Stored records
☆ ☆ ☆
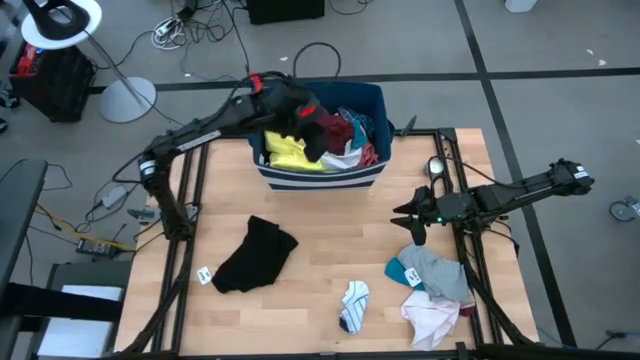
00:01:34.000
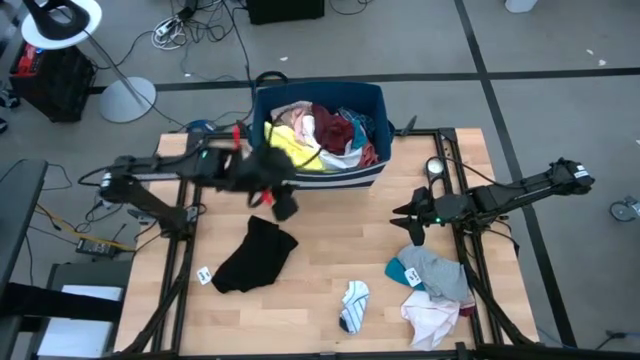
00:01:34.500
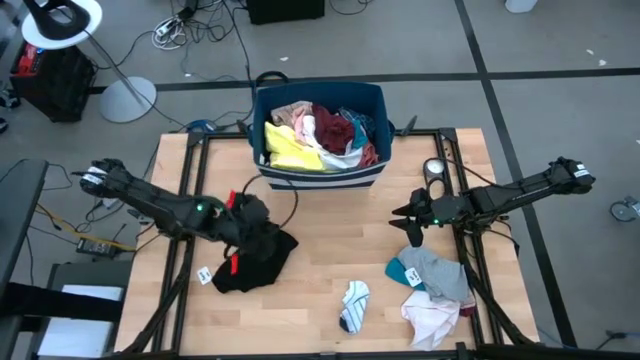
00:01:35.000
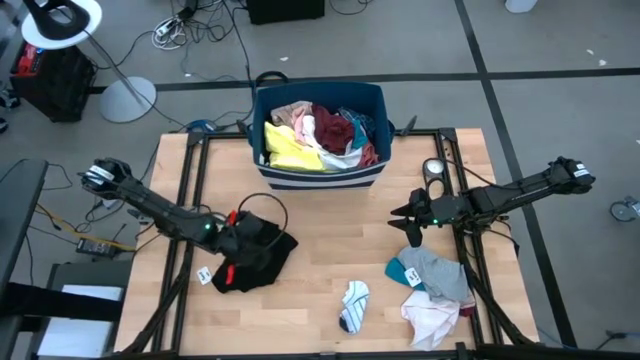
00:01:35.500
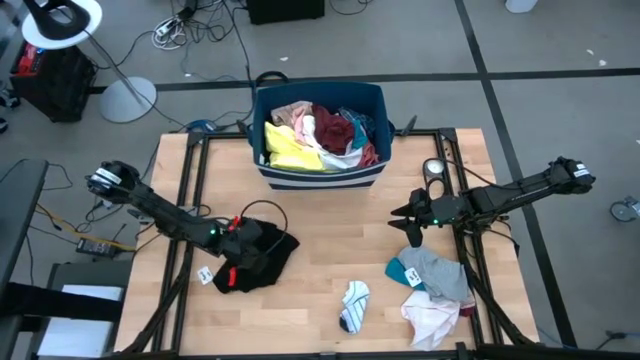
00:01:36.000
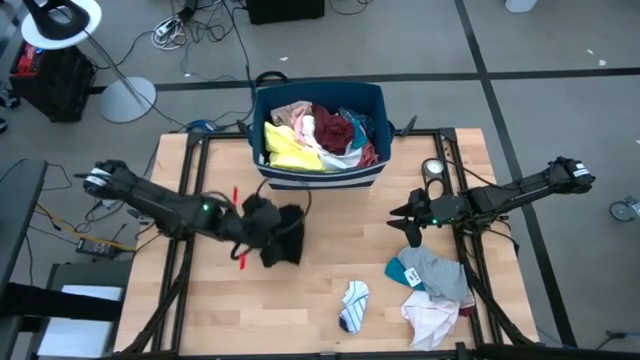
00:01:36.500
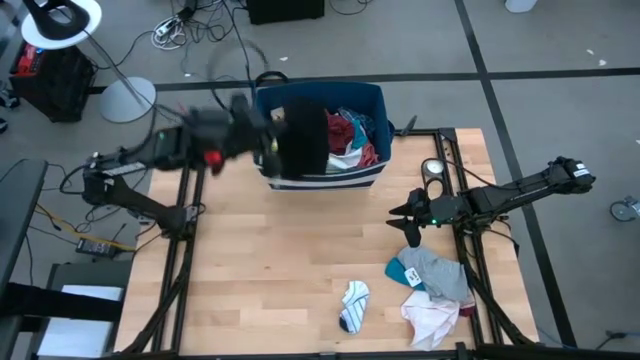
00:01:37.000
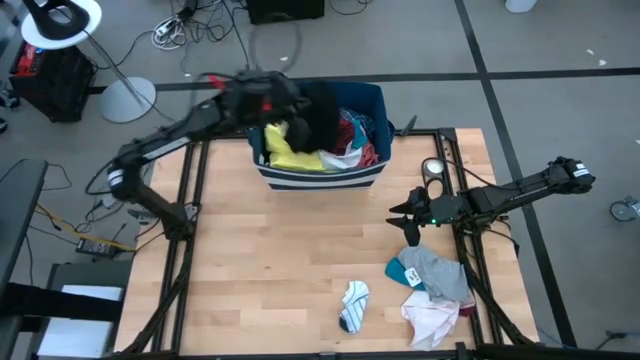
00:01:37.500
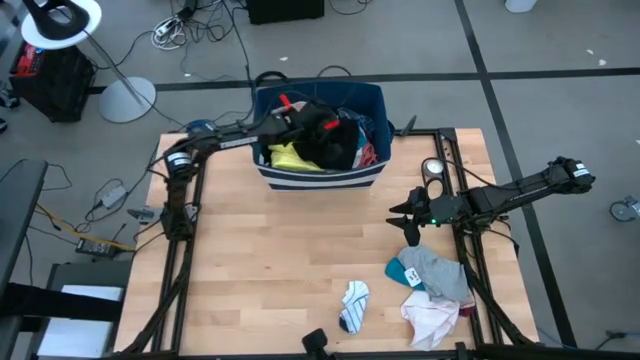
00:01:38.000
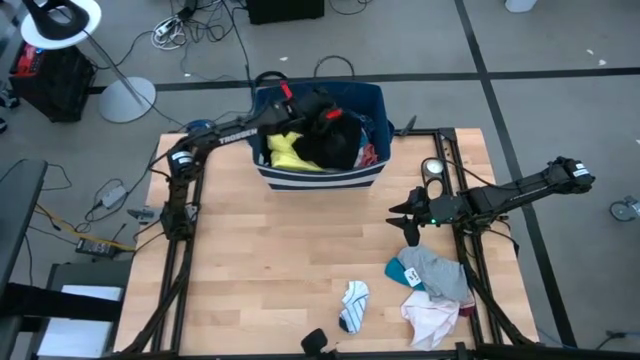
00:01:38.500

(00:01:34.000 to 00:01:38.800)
Put the black underwear into the blue laundry bin

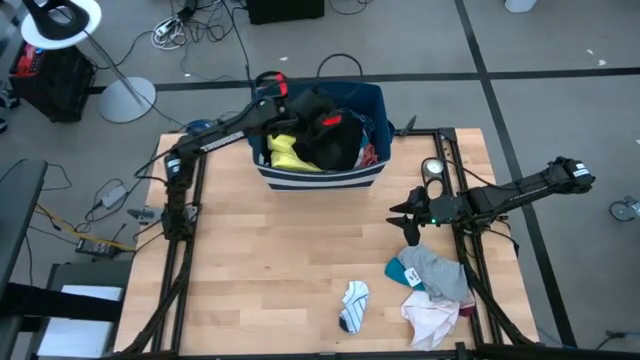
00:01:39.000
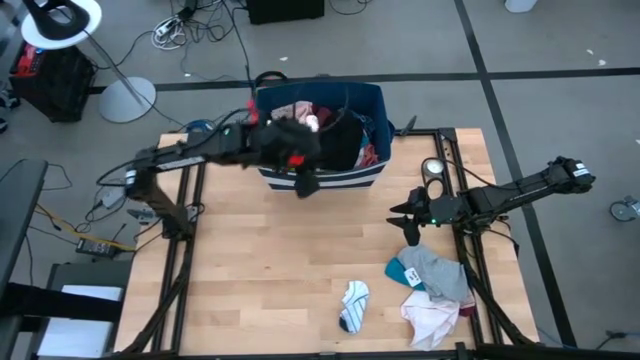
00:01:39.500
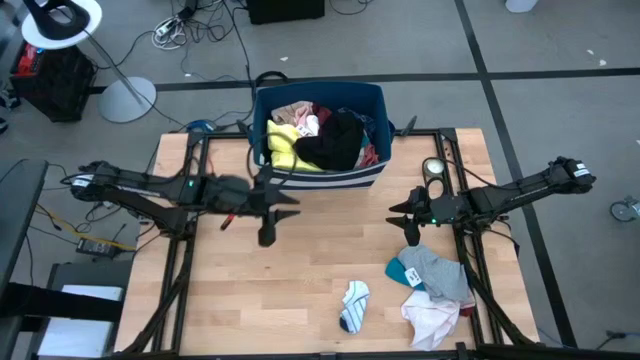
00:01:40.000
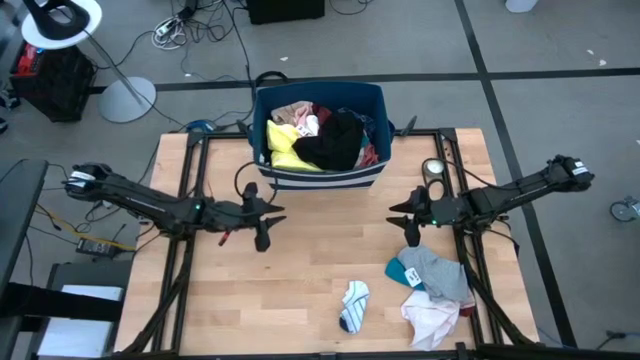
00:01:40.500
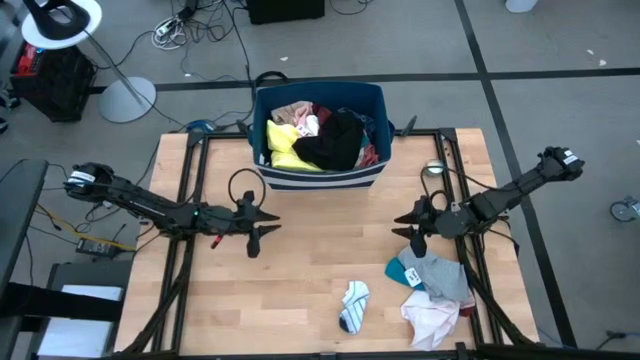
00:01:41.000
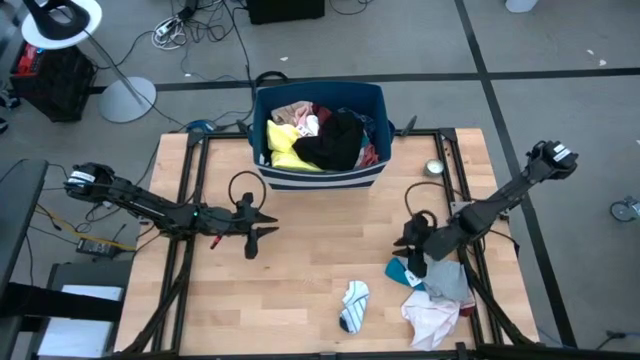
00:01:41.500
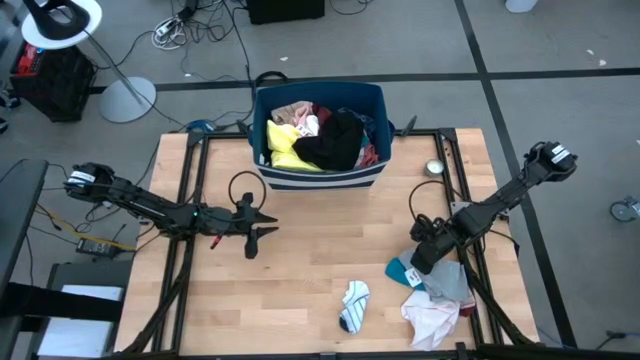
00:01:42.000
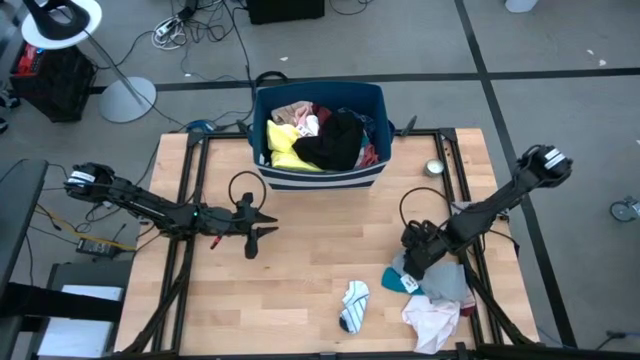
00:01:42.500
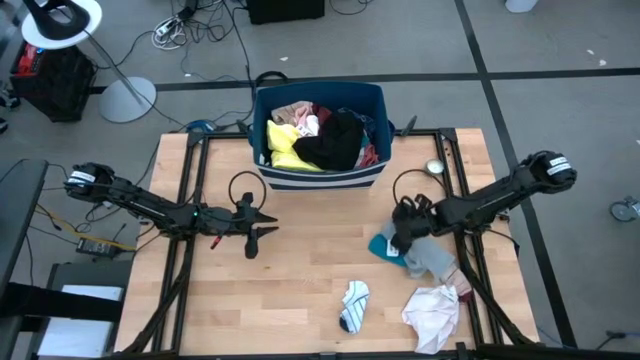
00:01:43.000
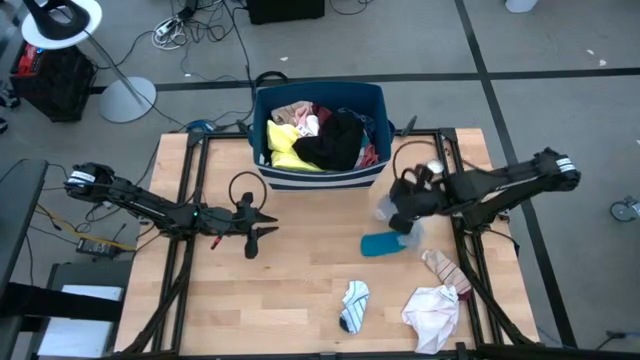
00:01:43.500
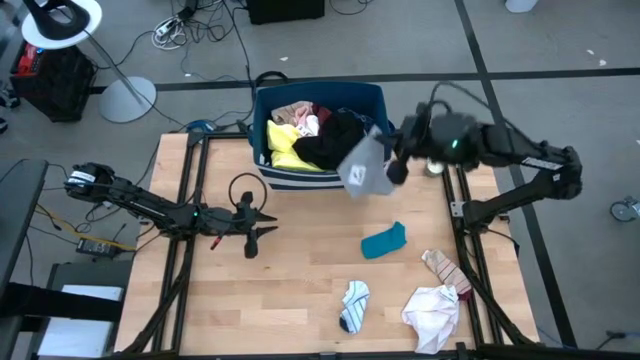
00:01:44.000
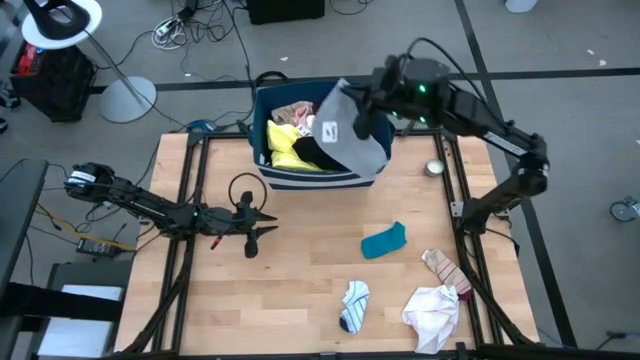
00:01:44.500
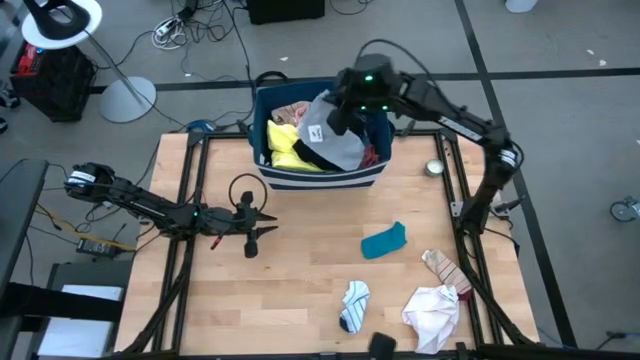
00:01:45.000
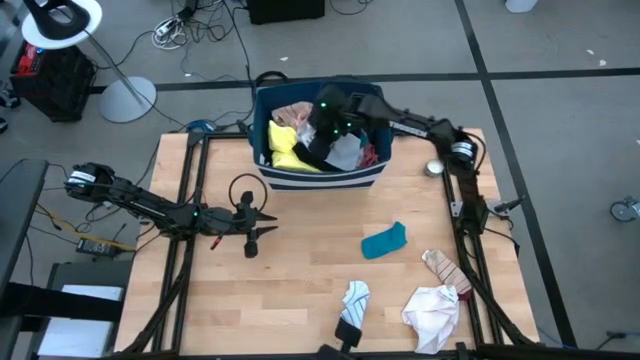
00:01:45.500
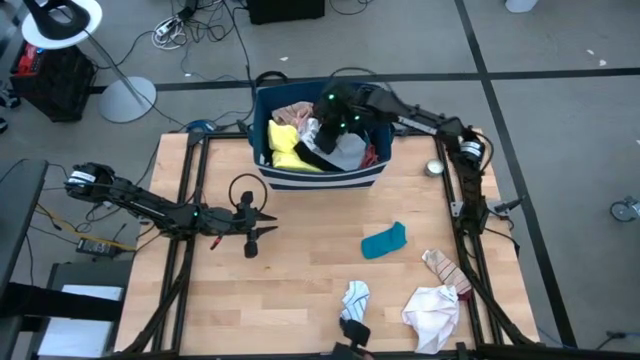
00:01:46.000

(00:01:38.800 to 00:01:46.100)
Put the gray underwear into the blue laundry bin
☆ ☆ ☆
Task directions :: Leave out the pictures, and write out exactly the lines from the line containing "00:01:44.500" through the end of the records above.

Task answer ::
00:01:44.500
00:01:45.000
00:01:45.500
00:01:46.000

(00:01:38.800 to 00:01:46.100)
Put the gray underwear into the blue laundry bin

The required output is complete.